Adams held up this little hole in the language for his audience to peer through (quite a neat trick on the radio). One listener came up with the word osmyrrah, from the Greek osmee and smurna, meaning ``to smell'' and ``to mingle with,'' thus saving subsequent generations of writers from angst.

As a writer, I am usually satisfied by the abundant offerings of Webster and Roget. However, I occasionally take the liberty of coining a few words myself.

It's fairly universal that, no matter what a conversation is about when it starts, the participants always wind up talking about something else. You call someone up to say, ``You know, I think Calvin Coolidge was the greatest president America has ever had,'' and 15 minutes later you find yourself saying, ``Wow, I never knew you could make macaroni and cheese that way.''

If you want to say ``Hey, we're getting off the subject'' without actually saying ``Hey, we're getting off the subject,'' you could say either ``Hey, we're divagating'' or the terse ``We digress.'' But what do you say when you no longer care to divagate?

Say, for example, that you began your discussion about Calvin Coolidge and then found yourself saying: ``Oh, I know exactly what you mean. After that happened to my uncle, he had dizzy spells for weeks.'' But then you realize that you really wanted to win the argument about Coolidge. So you say: ``But getting back to Calvin Coolidge. Wasn't it great when he created the Foreign Service and granted citizenship to American Indians?'' What you're doing is the opposite of getting off the subject; unfortunately, Webster's doesn't have a word for this.

And so, shedding my columnist's facade, I have come to the rescue with a lexical solution. It is contradigress, ``contra'' meaning ``against, contrary or contrasting,'' and ``digress'' being when you got off the subject in the first place.
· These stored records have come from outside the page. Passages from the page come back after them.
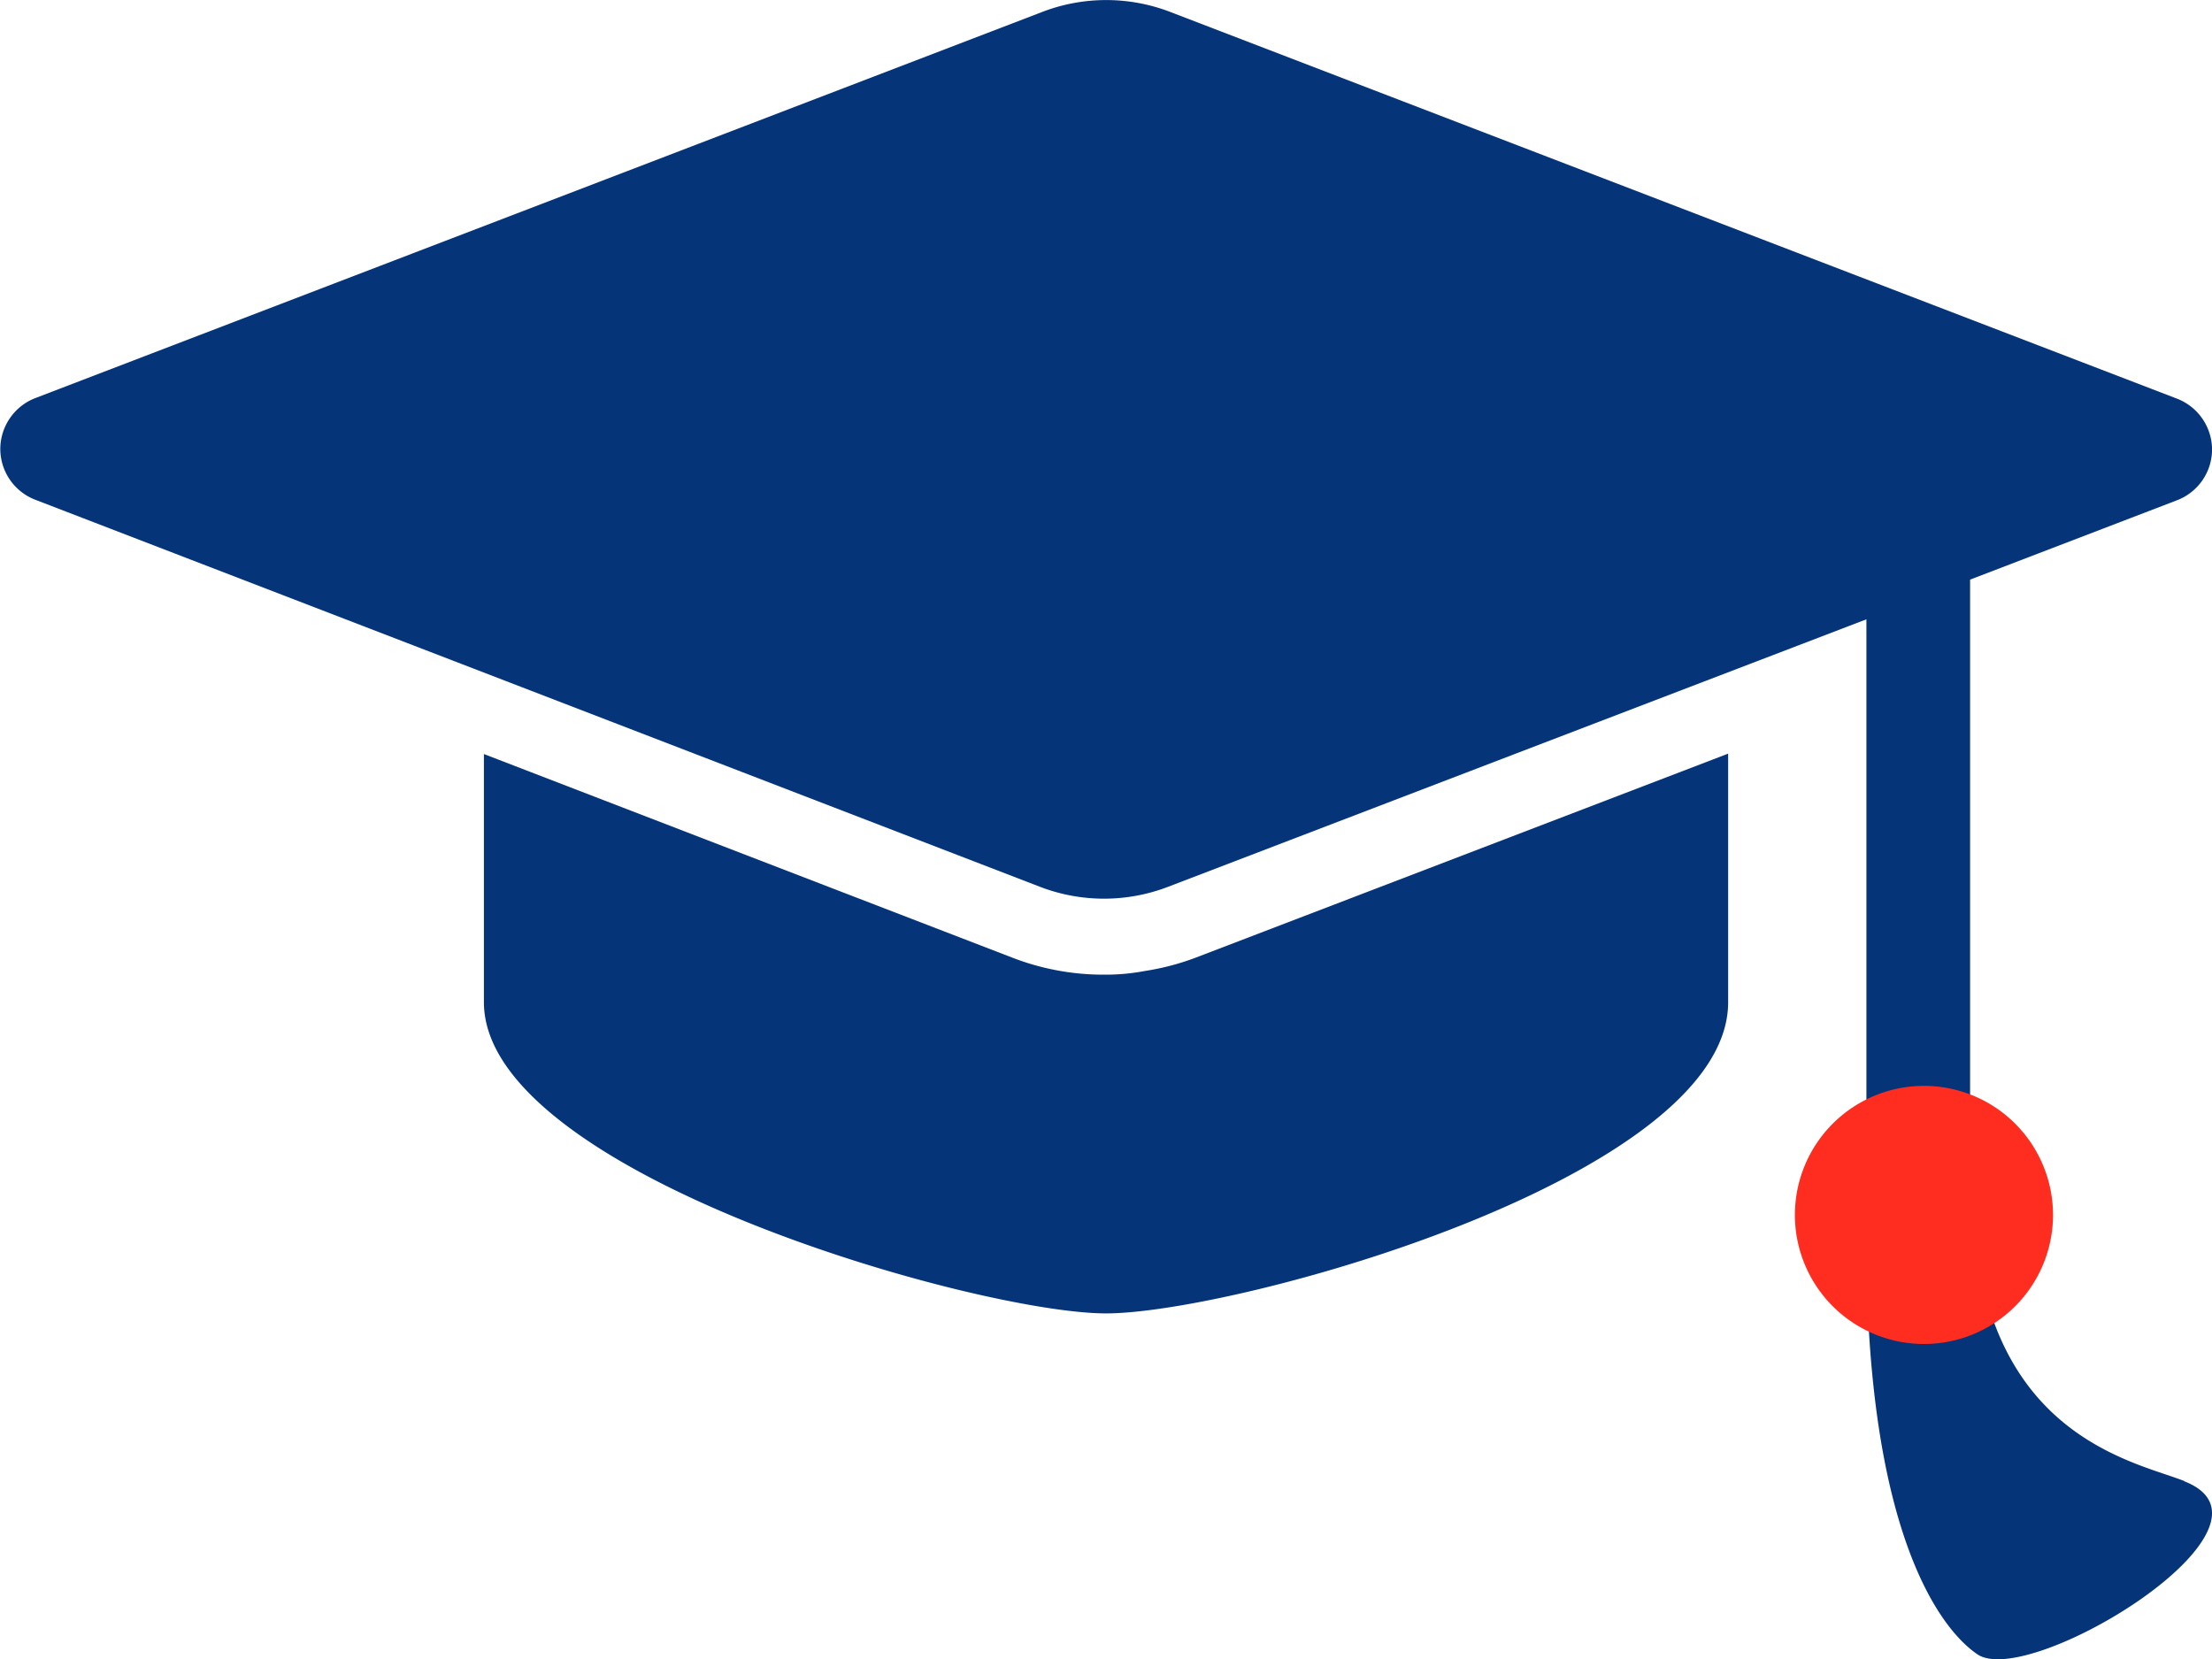 <svg xmlns="http://www.w3.org/2000/svg" xmlns:xlink="http://www.w3.org/1999/xlink" width="43.243" height="32.433" viewBox="0 0 43.243 32.433">
  <defs>
    <clipPath id="clip-path">
      <path id="Path_1885" data-name="Path 1885" d="M0,0H43.243V-32.433H0Z" fill="none"/>
    </clipPath>
  </defs>
  <g id="Group_2141" data-name="Group 2141" transform="translate(0 32.433)">
    <g id="Group_2140" data-name="Group 2140" clip-path="url(#clip-path)">
      <g id="Group_2138" data-name="Group 2138" transform="translate(23.368 -13.709)">
        <path id="Path_1883" data-name="Path 1883" d="M0,0,10.416-3.991V.868c0,3.424-9.628,6.084-12.162,6.084S-13.908,4.207-13.908.868V-3.983L-3.571,0A4.928,4.928,0,0,0-1.782.33c.008,0,.016,0,.026,0s.006,0,.01,0A4.145,4.145,0,0,0-.975.256,4.9,4.9,0,0,0,0,0M19.336,10.23c-.846-.335-3.186-.752-3.918-3.75a2.008,2.008,0,0,0-.272-3.3V-7.393l4.039-1.549a1.065,1.065,0,0,0,.691-.995,1.071,1.071,0,0,0-.689-.995L-.492-18.491a3.485,3.485,0,0,0-2.5,0l-19.682,7.548a1.069,1.069,0,0,0-.688.995,1.066,1.066,0,0,0,.687.995L-3.038-1.388a3.493,3.493,0,0,0,2.506,0L13.119-6.617v9.8a2.012,2.012,0,0,0,.02,3.505c.167,4.616,1.385,6.408,2.149,6.928,1.011.694,6.262-2.51,4.048-3.381" fill="#063479"/>
      </g>
      <g id="Group_2139" data-name="Group 2139" transform="translate(37.612 -6.159)">
        <path id="Path_1884" data-name="Path 1884" d="M0,0A2.523,2.523,0,0,0,2.523-2.522,2.524,2.524,0,0,0,0-5.046,2.524,2.524,0,0,0-2.523-2.522,2.523,2.523,0,0,0,0,0" fill="#ff2d1f"/>
      </g>
    </g>
  </g>
</svg>

Another cavity in our language revealed itself when I heard a College of William and Mary student refer to a potential flame as his ``half-girlfriend.'' There must, I agonized, exist a word better than this hyphenated monstrosity, something more concise and more dignified.

My forage through the English language produced no synonyms. With the help of amateur philologist Maureen Thorson, who spent last summer at the Governor's Spanish Academy, the pursued word was eventually found in the lexicon of South American street slang. The word the speaker really wanted was jugadora (pronounced WHO-go-dor-a). So now he knows. Unless, of course, his jugadora has graduated to being his inamorata.

Before the hypersensitive among you cry discrimination, perhaps you'd care to know that the Spanish language also lets us use judador, which is something like a ``half-boyfriend'' (which no self-respecting speaker of English would say in the course of casual conversation, even over his own dead body).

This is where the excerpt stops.